暖淡堂 FP Office

会社員でフィナンシャル・プランニング(FP)技能士の「安心な暮らし」のための心得

*本ブログにはスポンサーによる広告が表示されています*

扶養(配偶者)控除と「103万円の壁」という言葉のこと FP2の勉強をしながら整理すると

税金と年金と扶養の関係は難しい

 

こんにちは、暖淡堂です。

 

フィナンシャル・プランナーの勉強を始めると、新聞やテレビのニュースで伝えられる数字の意味がわかるようになってきます。

ここ数日では「103万円」と「106万円〜130万円」という金額。

「106万円〜130万円」は会社員などが加入する健康保険における配偶者の扶養に関係して出てくるものですね。

こちらに関しては、前回の記事をご参照ください。

 

 

financialplanner.hatenablog.com

 

で、前回の記事を書きながら、さらっと流してしまった感じの「103万円」。

これは「130万円」の誤記ではありません。

所得税額を計算する際の配偶者控除に関係する数字です。

今回はその辺りを整理してみます。

 

*****

 

 

 

で、所得税における配偶者控除に関係する103万円という数字については、以下のように整理できます。

 

 

所得税における基礎控除:48万円

所得のある人は、原則、所得税を払わないといけません。

この所得税には基礎控除があります。

それが48万円です。

控除とは、所得税額を計算するもとになる金額(合計所得金額)から差し引くこと。

例えば収入が50万円だったら

 

50万円➖48万円🟰 2万円

 

所得税を計算する対象になる金額が2万円になる、ということですね。

なので、収入が48万円だったら

 

48万円➖48万円🟰0円

 

48万円までであれば、所得税の対象になる収入がなかったことになります。

所得税が計算されず、税額は0円です。

 

この基礎控除は、所得税の対象になる収入の合算値に対して差し引くものです。

給与収入(パート、アルバイト含む)以外に収入がある場合は、それも含めての控除額になります。

 

ちなみに、この基礎控除は、収入が2400万円を超えると次第に減り始め、2500万円では0円になります。
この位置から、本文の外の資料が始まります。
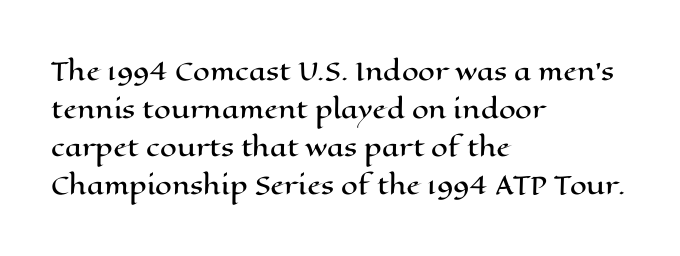
{"italic": "no", "underline": "no", "align": "left", "line_spacing": "normal", "line_spacing_ratio": 1.58, "letter_spacing": "normal", "letter_spacing_em": 0.0, "glyph_px": 24}
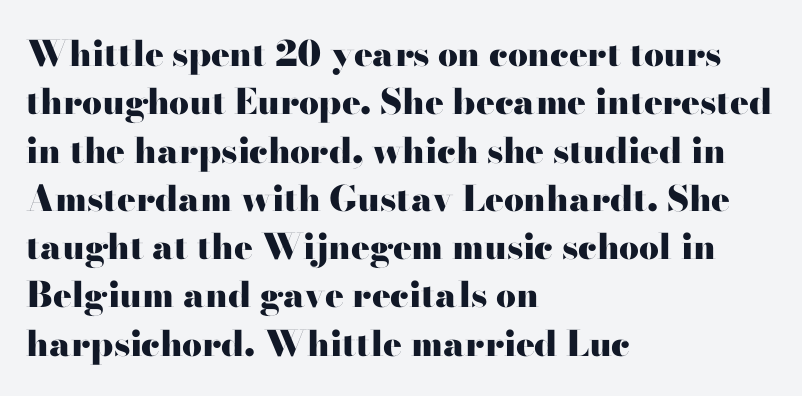
The image shows 35 px heavy, wide serif type, upright; set left-aligned, normal line spacing (1.38x), normal letter spacing, not underlined; high stroke contrast and a small x-height.
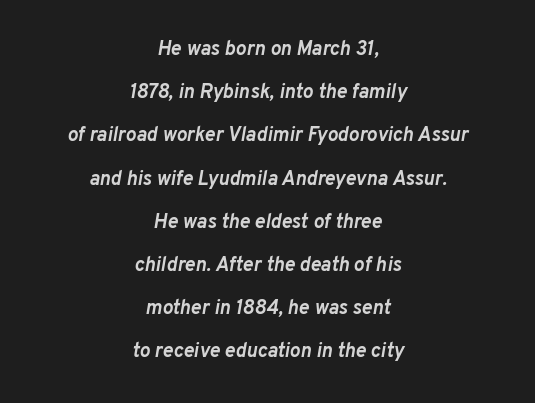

収入が多い人は、基礎控除はありません、ということですね。

 

所得税における給与所得控除:55万円〜

基礎控除に加えて、給与所得の場合は、収入金額に応じて給与所得控除があります。

これは、収入の低い方で55万円から始まり、収入が多い方では195万円(控除額上限)となっています。

 

控除額は収入が増えると、それに応じて一定の割合で増えます。

それぞれの収入額に応じた控除額が算出されることになります。

 

基礎控除額48万円と給与所得控除55万円〜の合計額を超えるところから、その人には課税対象の収入があることになります。

 

48万円➕55万円🟰103万円

 

ここで、103万円が出てきます。

ざっとこのような流れで、その年の給与が103万円を超えると所得税の課税対象になります。

逆に言うと、103万円までは課税されません。

ちなみに、103万円を超えても、金額に応じた控除額はありますので、金額そのままに税率がかけられるということではありませんが。

 

いずれにしても、給与所得が103万円を超えると、被扶養者(配偶者とか子とか親とか)となれず、自分で所得税の対応をする必要が生じるということですね。

また扶養者(主に家計収入を得ている人)にとっても、扶養者控除(配偶者控除とか、子や親の扶養控除)がなくなるため、税額が増えてしまいます。

 

さらには、「106万円〜130万円」超も該当するようになると、パート先、アルバイト先で社会保険(厚生年金)などへ加入することになり、その分の徴収もされます。

そんなこんなで、手取りが減ってしまう。

そんな金額であるということですね。

103万円の壁

給与所得と控除



まとめると、「103万円の壁」とは

つまりは、家庭の中で被扶養者(配偶者、子、親)となっている人の給与収入(パートやアルバイトなど)が103万円を超えると以下のことが起こります。

  • 被扶養者(配偶者)控除がなくなる
  • その結果、家計全体でみると税金負担が増え、手取りが減ってしまう。

その金額の所得税面での境界が103万円ということですね。